We can use a likelihood ratio tests with models

`nl`

and`nl3`

.

`lrtest(nl, nl3)`

```
## Likelihood ratio test
##
## Model 1: depvar ~ ich + och + icca + occa + inc.room + inc.cooling + int.cooling |
## 0
## Model 2: depvar ~ ich + och + icca + occa + inc.room + inc.cooling + int.cooling |
## 0
## #Df LogLik Df Chisq Pr(>Chisq)
## 1 8 -178.12
## 2 9 -178.04 1 0.1758 0.675
```

The restricted model is the one from exercise 1 that has one log-sum coefficient. The unrestricted model is the one we just estimated. The test statistics is 0.6299. The critical value of chi-squared with 1 degree of freedom is 3.8 at the 95% confidence level. We therefore cannot reject the hypothesis that the two nests have the same log-sum coefficient.

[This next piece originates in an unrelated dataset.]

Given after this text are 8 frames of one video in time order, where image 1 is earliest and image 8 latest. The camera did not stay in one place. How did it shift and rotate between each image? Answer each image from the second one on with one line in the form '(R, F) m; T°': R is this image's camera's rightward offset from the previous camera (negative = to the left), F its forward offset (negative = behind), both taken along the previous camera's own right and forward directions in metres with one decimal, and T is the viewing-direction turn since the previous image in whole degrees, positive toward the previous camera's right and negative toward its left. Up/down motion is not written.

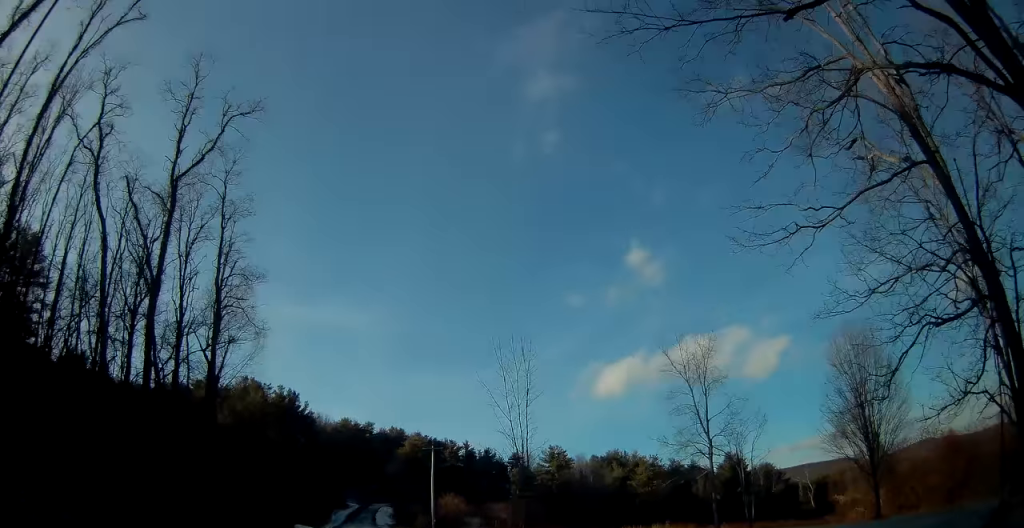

- Rewrite the code to allow three nests. For simplicity, estimate only one log-sum coefficient which is applied to all three nests. Estimate a model with alternatives
`gcc`

,`ecc`

and`erc`

in a nest,`hpc`

in a nest alone, and alternatives`gc`

,`ec`

and`er`

in a nest. Does this model seem better or worse than the model in exercise 1, which puts alternative`hpc`

in the same nest as alternatives`gcc`

,`ecc`

and`erc`

?

```
nl4 <- update(nl, nests=list(n1 = c('gcc', 'ecc', 'erc'), n2 = c('hpc'),
n3 = c('gc', 'ec', 'er')))
summary(nl4)
```

```
##
## Call:
## mlogit(formula = depvar ~ ich + och + icca + occa + inc.room +
## inc.cooling + int.cooling | 0, data = HC, nests = list(n1 = c("gcc",
## "ecc", "erc"), n2 = c("hpc"), n3 = c("gc", "ec", "er")),
## un.nest.el = TRUE)
##
## Frequencies of alternatives:choice
## ec ecc er erc gc gcc hpc
## 0.004 0.016 0.032 0.004 0.096 0.744 0.104
##
## bfgs method
## 8 iterations, 0h:0m:0s
## g'(-H)^-1g = 3.71E-08
## gradient close to zero
##
## Coefficients :
## Estimate Std. Error z-value Pr(>|z|)
## ich -0.838394 0.100546 -8.3384 < 2.2e-16 ***
## och -1.331598 0.252069 -5.2827 1.273e-07 ***
## icca -0.256131 0.145564 -1.7596 0.07848 .
## occa -1.405656 1.207281 -1.1643 0.24430
## inc.room -0.571352 0.077950 -7.3297 2.307e-13 ***
## inc.cooling 0.311355 0.056357 5.5247 3.301e-08 ***
## int.cooling -10.413384 5.612445 -1.8554 0.06354 .
## iv 0.956544 0.180722 5.2929 1.204e-07 ***
## ---
## Signif. codes: 0 '***' 0.001 '**' 0.01 '*' 0.05 '.' 0.1 ' ' 1
##
## Log-Likelihood: -180.26
```

The \(\ln L\) for this model is \(-180.26\), which is lower (more negative) than for the model with two nests, which got \(-178.12\).